**What you have to do**: Find the string "size" in the records. Copy each line that has it.

**Material provided**:
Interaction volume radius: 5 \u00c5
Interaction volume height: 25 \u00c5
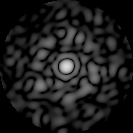
Disorder parameter: 0.8178
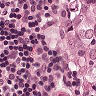
Metastatic tissue present: yes
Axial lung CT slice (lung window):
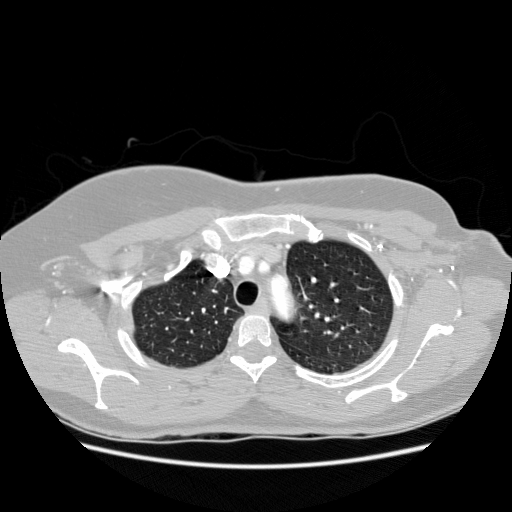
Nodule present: no
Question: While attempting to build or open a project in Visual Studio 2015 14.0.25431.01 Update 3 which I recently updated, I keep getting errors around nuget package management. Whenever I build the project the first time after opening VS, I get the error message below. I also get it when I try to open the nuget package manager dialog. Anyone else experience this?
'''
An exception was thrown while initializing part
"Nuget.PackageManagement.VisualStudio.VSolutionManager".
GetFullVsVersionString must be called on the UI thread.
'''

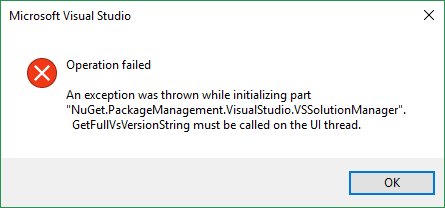
Answer: It appears reinstalling in the Extensions & Tools dialog may have fixed it.
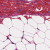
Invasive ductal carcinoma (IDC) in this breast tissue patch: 0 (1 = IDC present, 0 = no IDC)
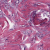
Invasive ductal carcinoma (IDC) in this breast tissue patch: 0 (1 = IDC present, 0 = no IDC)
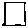
Label: square
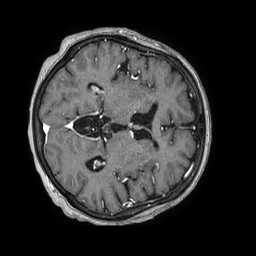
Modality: T1w
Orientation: axial
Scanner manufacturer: philips
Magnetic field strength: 1.5 T
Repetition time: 0.007786 s
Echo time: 0.003554 s
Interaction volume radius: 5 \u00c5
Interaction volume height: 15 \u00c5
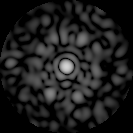
Disorder parameter: 0.8824
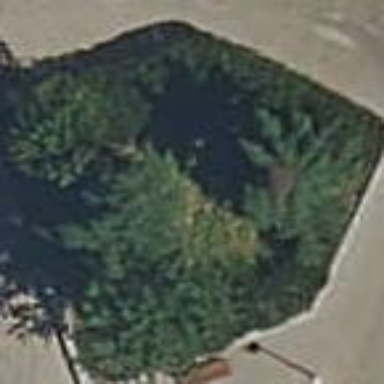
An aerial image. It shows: Garden enclosed by wall.
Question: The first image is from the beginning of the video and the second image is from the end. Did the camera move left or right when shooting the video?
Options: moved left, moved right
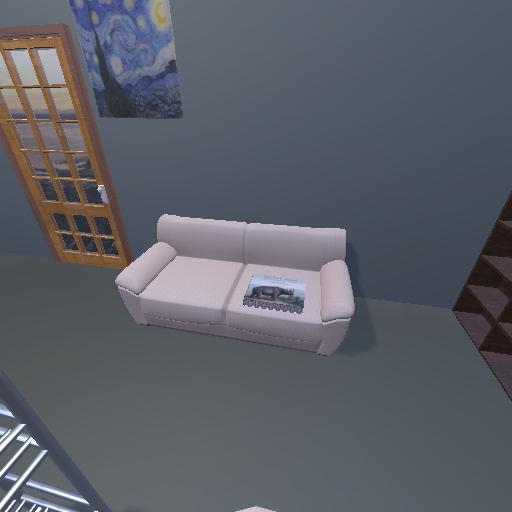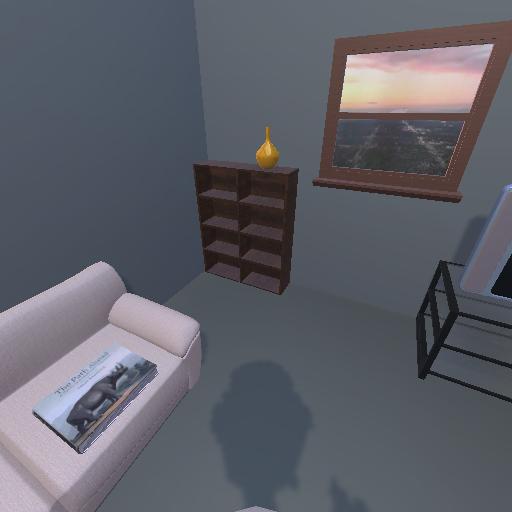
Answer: moved left
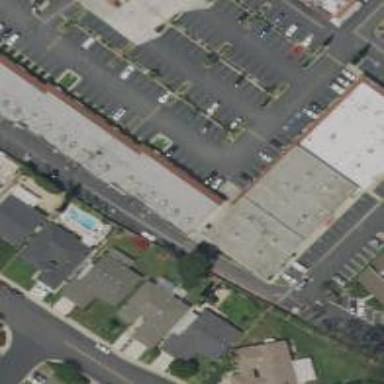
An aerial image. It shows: Retail building.
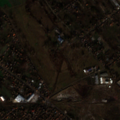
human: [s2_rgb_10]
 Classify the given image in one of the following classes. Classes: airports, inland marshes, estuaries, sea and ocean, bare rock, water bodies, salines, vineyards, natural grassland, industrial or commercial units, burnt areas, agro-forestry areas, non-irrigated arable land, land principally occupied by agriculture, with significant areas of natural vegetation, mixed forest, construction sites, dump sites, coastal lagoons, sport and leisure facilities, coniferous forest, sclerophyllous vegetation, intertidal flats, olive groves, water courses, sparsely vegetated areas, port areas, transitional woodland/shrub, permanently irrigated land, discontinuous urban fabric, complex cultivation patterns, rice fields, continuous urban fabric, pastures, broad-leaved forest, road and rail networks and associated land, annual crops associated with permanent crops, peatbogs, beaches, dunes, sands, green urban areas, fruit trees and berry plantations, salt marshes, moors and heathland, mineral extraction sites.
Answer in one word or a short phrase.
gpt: discontinuous urban fabric, industrial or commercial units, complex cultivation patterns, land principally occupied by agriculture, with significant areas of natural vegetation
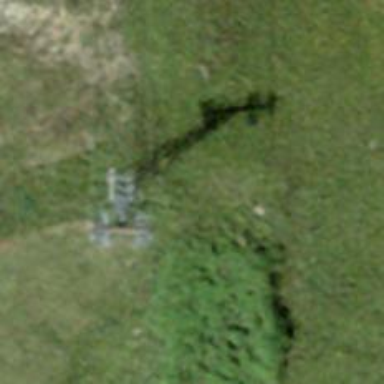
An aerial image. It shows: Pylon used for aerialway.
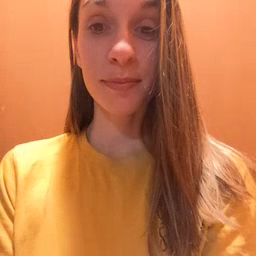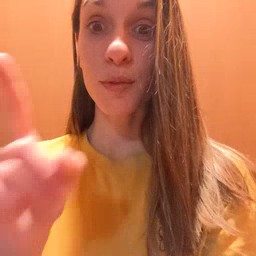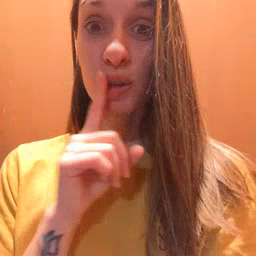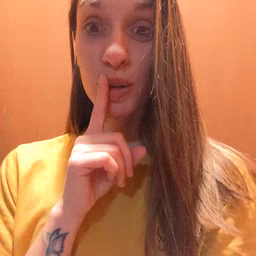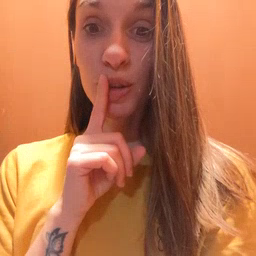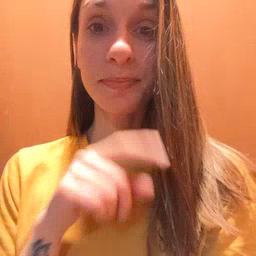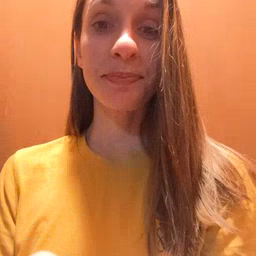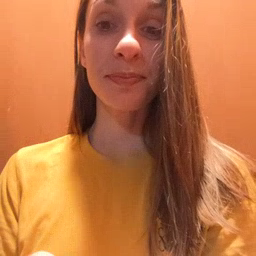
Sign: shhh
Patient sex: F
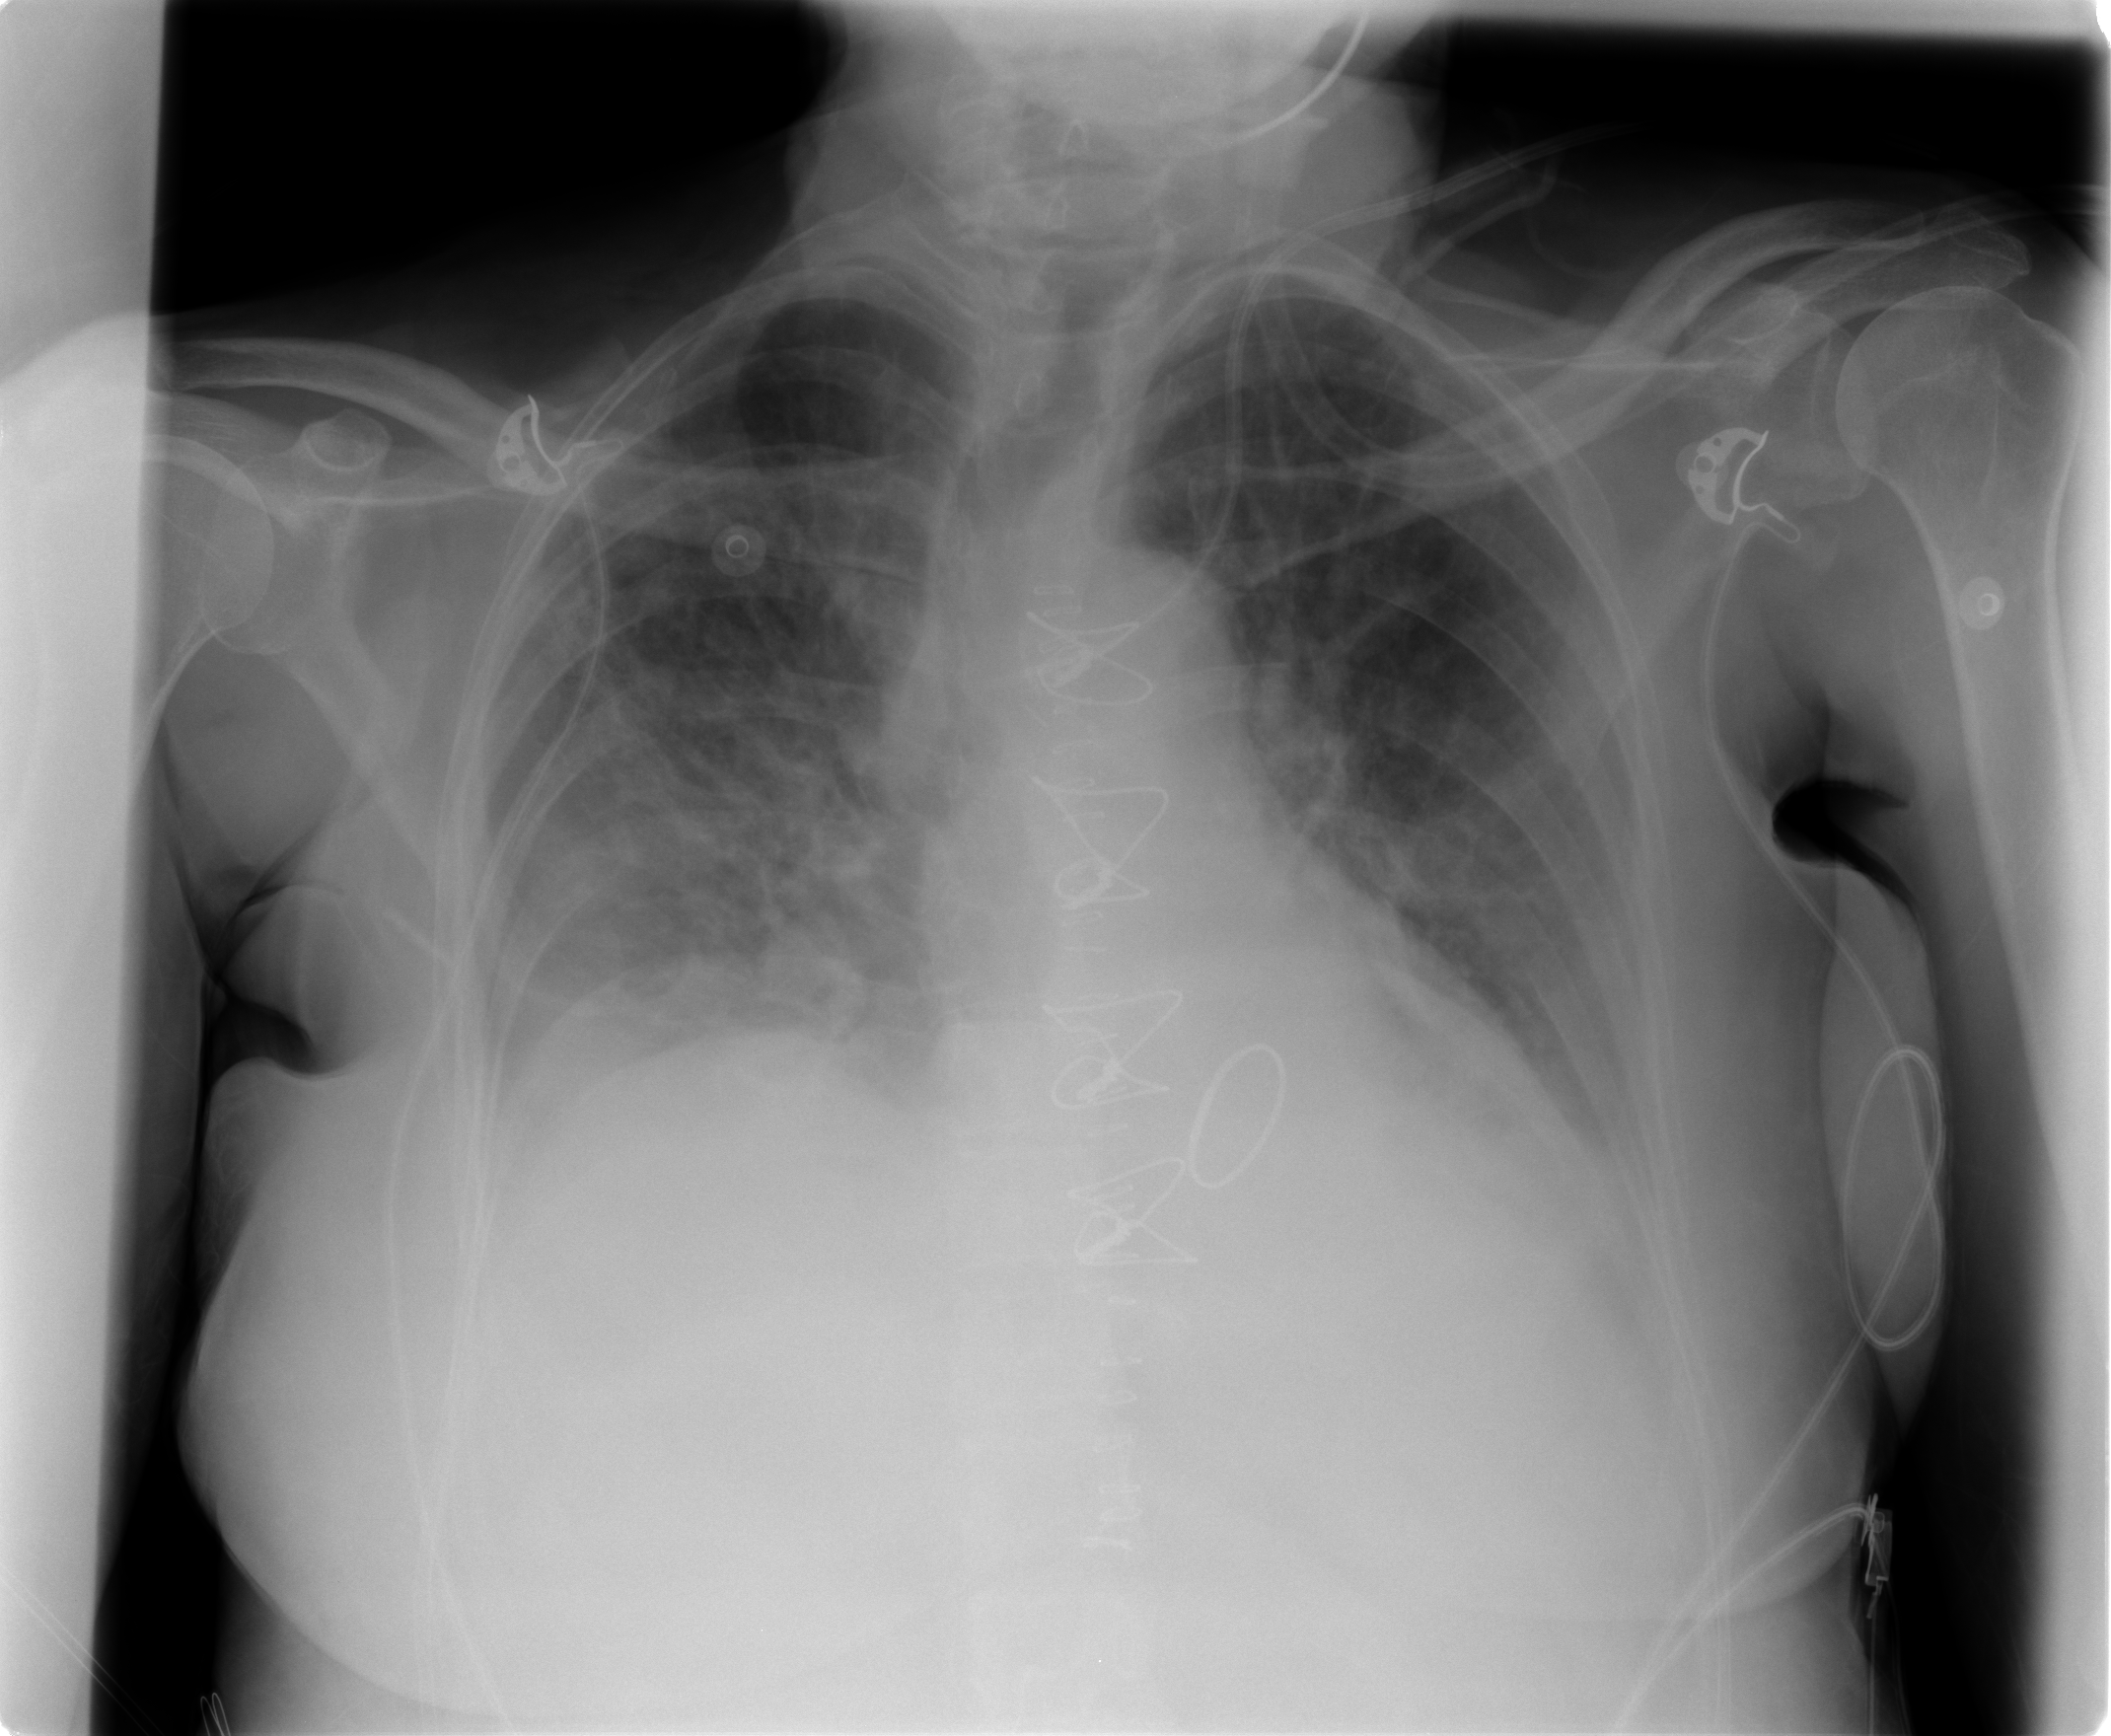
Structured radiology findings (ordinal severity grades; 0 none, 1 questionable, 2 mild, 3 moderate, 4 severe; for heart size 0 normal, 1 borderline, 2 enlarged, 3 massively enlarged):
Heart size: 1
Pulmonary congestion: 2
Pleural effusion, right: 2
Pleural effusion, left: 2
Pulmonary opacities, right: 3
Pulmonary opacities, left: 1
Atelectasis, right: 3
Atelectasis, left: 2
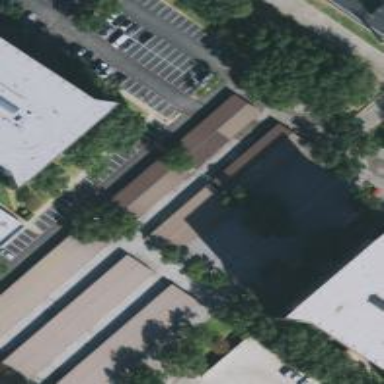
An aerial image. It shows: Parking area with carports.
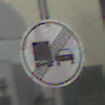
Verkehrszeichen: EndeUeberholverbotKraftfahrzeuge
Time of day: MorningAfternoon
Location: Outdoor (Urban)
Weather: Overcast
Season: NotSpecified
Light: Natural

**Exercise output**:
Structured radiology findings (ordinal severity grades; 0 none, 1 questionable, 2 mild, 3 moderate, 4 severe; for heart size 0 normal, 1 borderline, 2 enlarged, 3 massively enlarged):
Heart size: 1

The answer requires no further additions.